Excerpts from a dataset
---
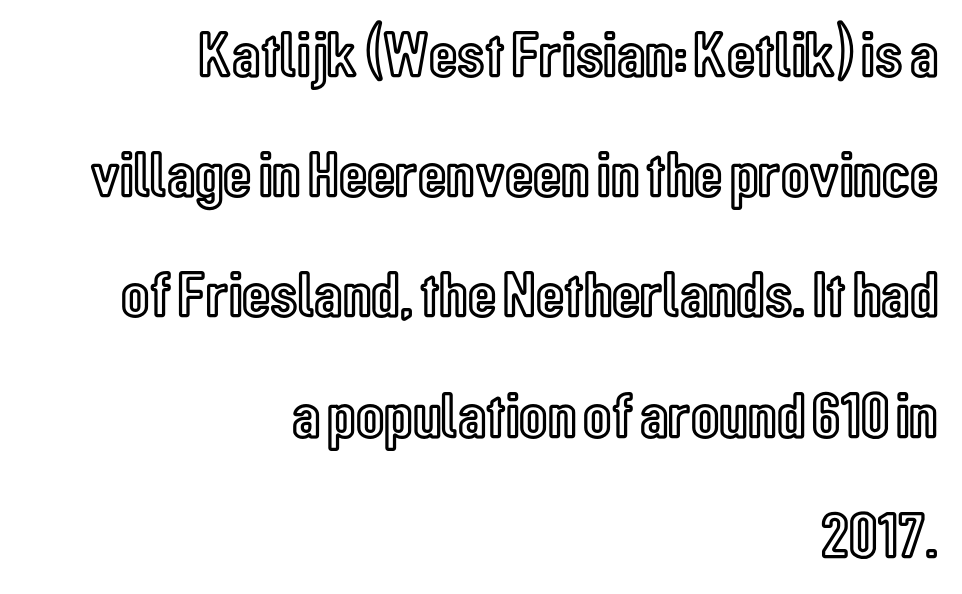
Q: Is the text italic (slanted)? A: No, it is upright.
Q: Is the text underlined? A: No.
Q: How is the paragraph aligned? A: Right-aligned.
Q: Is the spacing between letters normal or unusually wide? A: Normal.
Q: Width (condensed, normal, or wide)? A: Condensed.
Q: x-height? A: Medium.
Q: Monospaced? A: No.
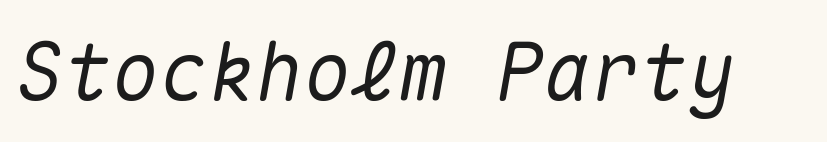
The image shows 80 px text type, italic (leaning right), monospaced; set normal letter spacing, not underlined; medium stroke contrast and a medium x-height.
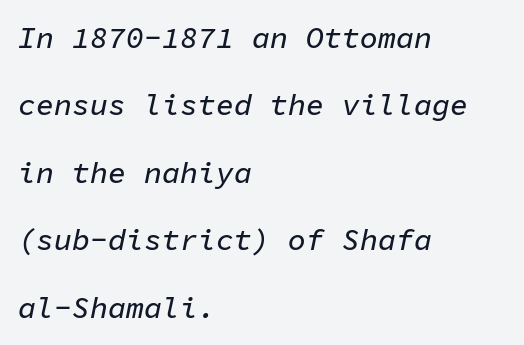
Q: Is the text italic (slanted)? A: Yes, it leans right by about 11 degrees.
Q: Is the text underlined? A: No.
Q: How is the paragraph aligned? A: Left-aligned.
Q: Is the spacing between letters normal or unusually wide? A: Normal.
Q: Is the spacing between lines tight, normal or loose? A: Loose.
Q: Width (condensed, normal, or wide)? A: Normal.
Q: Stroke contrast? A: Low.
Q: x-height? A: Medium.
Q: Monospaced? A: Yes.
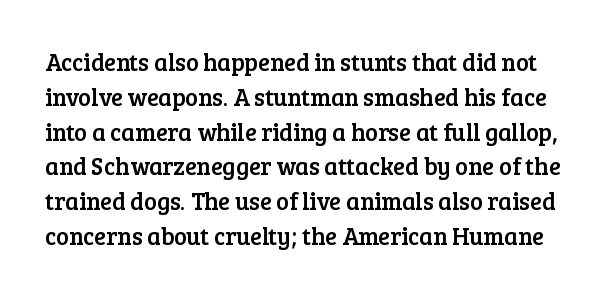
The image shows 24 px text type, upright; set normal line spacing (1.45x), normal letter spacing, not underlined.
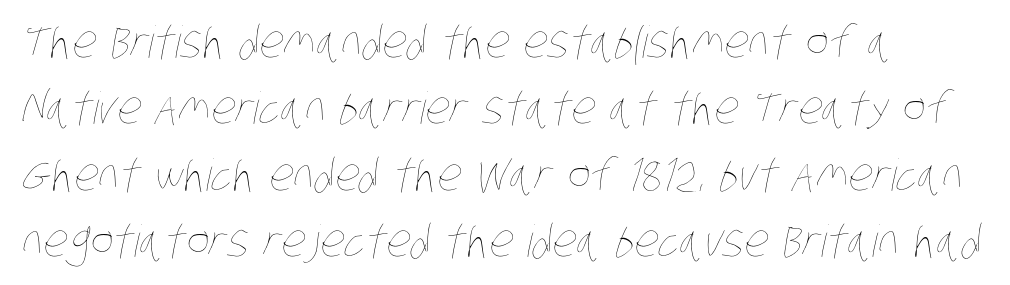
Descenders are the only things crossing below the line. Ink coverage per letter is moderate at most. Proportional: the letters do not fall into vertical columns. The letterforms sit shoulder to shoulder at normal distance. Every row of glyphs begins at an identical x-position on the left.
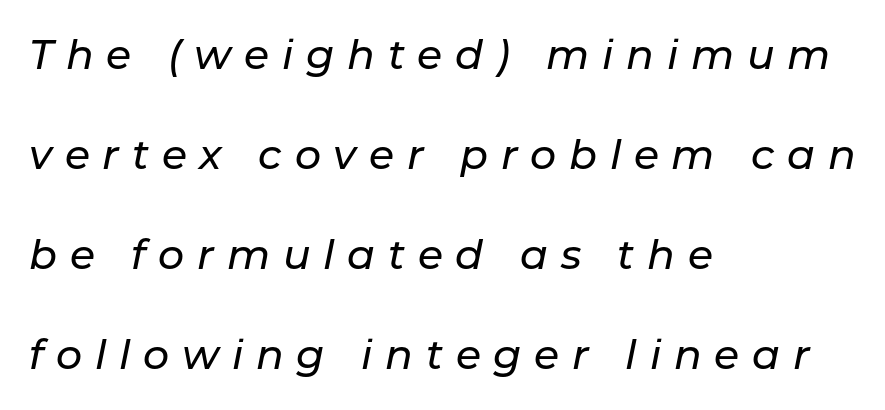
{"italic": "yes", "lean": "right", "slant_degrees": 11, "width": "normal", "stroke_contrast": "low", "x_height": "medium", "monospaced": "no", "underline": "no", "align": "left", "line_spacing": "loose", "line_spacing_ratio": 2.44, "letter_spacing": "wide", "letter_spacing_em": 0.31, "glyph_px": 41}
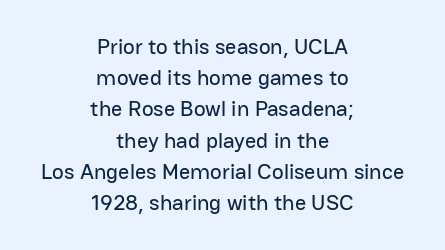
Q: Is the text italic (slanted)? A: No, it is upright.
Q: Is the text underlined? A: No.
Q: How is the paragraph aligned? A: Centered.
Q: Is the spacing between letters normal or unusually wide? A: Normal.
Q: Is the spacing between lines tight, normal or loose? A: Normal.
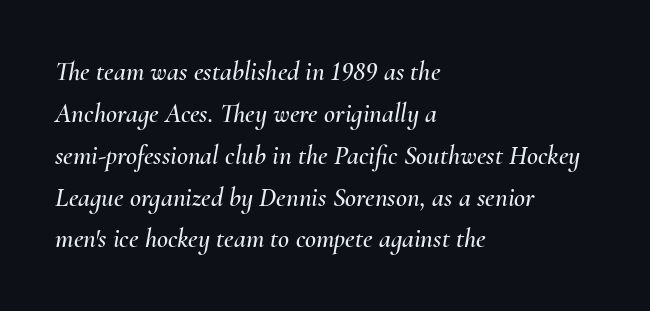
Q: Is the text italic (slanted)? A: Yes, it leans right by about 10 degrees.
Q: Is the text underlined? A: No.
Q: How is the paragraph aligned? A: Left-aligned.
Q: Is the spacing between letters normal or unusually wide? A: Normal.
Q: Is the spacing between lines tight, normal or loose? A: Normal.
---
• **Problem requirements**:
Nothing except the lines from the one containing "Q: Width (condensed, normal, or wide)? A: Normal." through the one containing "The image shows 24" should appear in the answer, exactly as above and without pictures.

• **Exercise result**:
Q: Width (condensed, normal, or wide)? A: Normal.
Q: Stroke contrast? A: Low.
Q: x-height? A: Medium.
Q: Monospaced? A: Yes.
The image shows 24 px text type, upright; set normal line spacing (1.45x), normal letter spacing, not underlined.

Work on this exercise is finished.